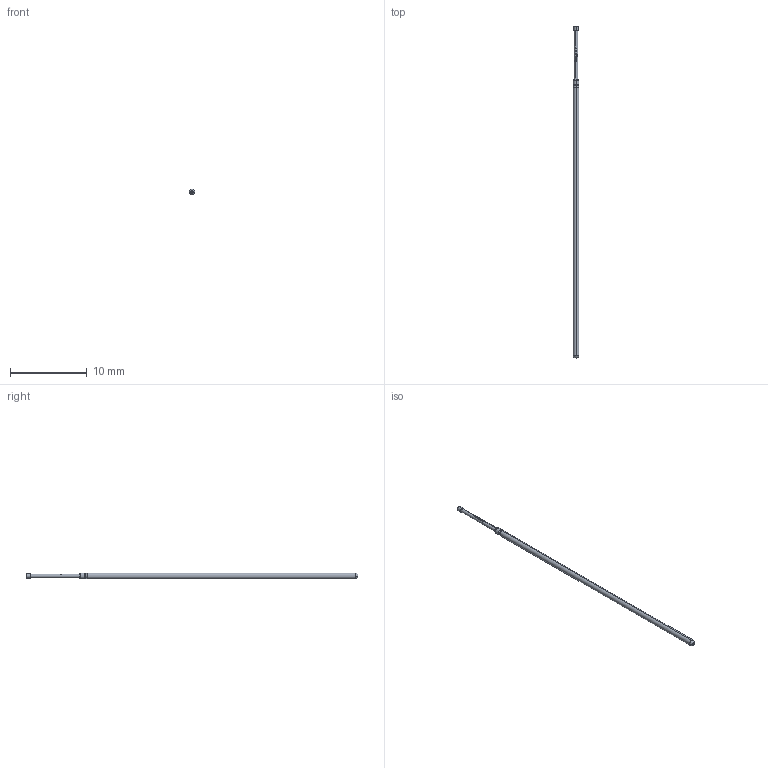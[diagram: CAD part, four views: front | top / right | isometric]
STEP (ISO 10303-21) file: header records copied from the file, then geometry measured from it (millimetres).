
FILE_DESCRIPTION (( 'STEP AP203' ), '1' );
FILE_NAME ('INGUN_GKS-050_302_060_A_xx00.STEP', '2021-09-14T08:35:08', ( 'ochi' ), ( '' ), 'SwSTEP 2.0', 'SolidWorks 2018', '' );
FILE_SCHEMA (( 'CONFIG_CONTROL_DESIGN' ));
Length unit declared in the file: millimetre
Products named in the file (1): INGUN_GKS-050_302_060_A_xx00
Bounding box: 0.78 x 43.2 x 0.78 mm (x, y, z)
Volume: 18.6 mm3; surface area: 100.6 mm2
Topology: 1 solids, 1 shells, 86 faces, 235 edges, 152 vertices
Faces by surface type: bspline 44, cylinder 20, plane 12, torus 8, sphere 2
Entity records: 3650 total; most frequent: CARTESIAN_POINT 1848, ORIENTED_EDGE 466, EDGE_CURVE 233, DIRECTION 185, B_SPLINE_CURVE_WITH_KNOTS 174, VERTEX_POINT 152, EDGE_LOOP 89, ADVANCED_FACE 86

▶ **WHAT IS NEEDED**
With the pictures omitted, give every line above again exactly.

▶ **FINISHED EXERCISE**
[diagram: CAD part, four views: front | top / right | isometric]
STEP (ISO 10303-21) file: header records copied from the file, then geometry measured from it (millimetres).
FILE_DESCRIPTION (( 'STEP AP203' ), '1' );
FILE_NAME ('INGUN_GKS-050_302_060_A_xx00.STEP', '2021-09-14T08:35:08', ( 'ochi' ), ( '' ), 'SwSTEP 2.0', 'SolidWorks 2018', '' );
FILE_SCHEMA (( 'CONFIG_CONTROL_DESIGN' ));
Length unit declared in the file: millimetre
Products named in the file (1): INGUN_GKS-050_302_060_A_xx00
Bounding box: 0.78 x 43.2 x 0.78 mm (x, y, z)
Volume: 18.6 mm3; surface area: 100.6 mm2
Topology: 1 solids, 1 shells, 86 faces, 235 edges, 152 vertices
Faces by surface type: bspline 44, cylinder 20, plane 12, torus 8, sphere 2
Entity records: 3650 total; most frequent: CARTESIAN_POINT 1848, ORIENTED_EDGE 466, EDGE_CURVE 233, DIRECTION 185, B_SPLINE_CURVE_WITH_KNOTS 174, VERTEX_POINT 152, EDGE_LOOP 89, ADVANCED_FACE 86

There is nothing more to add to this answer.